Provided data: Begin

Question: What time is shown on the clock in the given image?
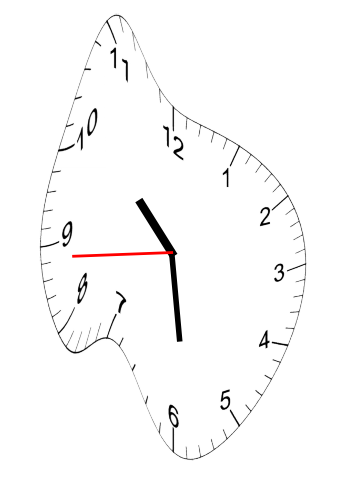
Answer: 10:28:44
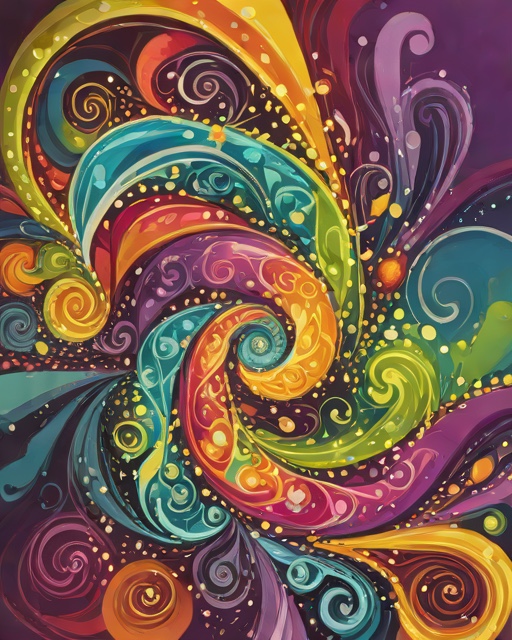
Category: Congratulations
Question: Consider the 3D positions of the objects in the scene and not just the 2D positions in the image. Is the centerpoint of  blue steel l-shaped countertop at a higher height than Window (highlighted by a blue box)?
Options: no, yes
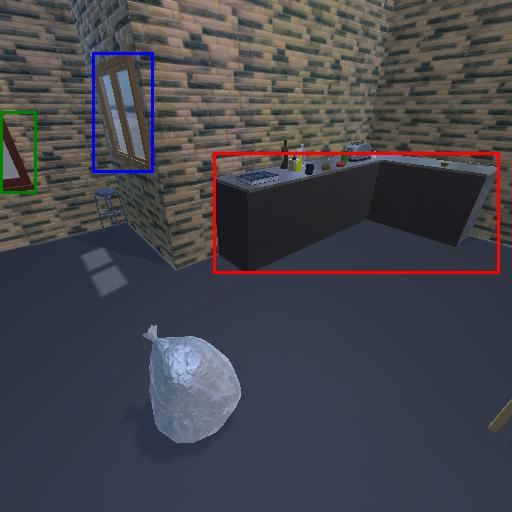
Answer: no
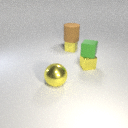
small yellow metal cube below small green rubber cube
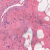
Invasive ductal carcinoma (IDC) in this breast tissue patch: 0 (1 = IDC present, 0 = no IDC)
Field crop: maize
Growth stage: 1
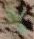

Provided data: End

▶ Task requirements
Begin at the line with "Invasive ductal carcinoma" and retype exactly every line through the last one of the entries above, both included, and nothing more; pictures stay out.

▶ Exercise result
Invasive ductal carcinoma (IDC) in this breast tissue patch: 0 (1 = IDC present, 0 = no IDC)
Field crop: maize
Growth stage: 1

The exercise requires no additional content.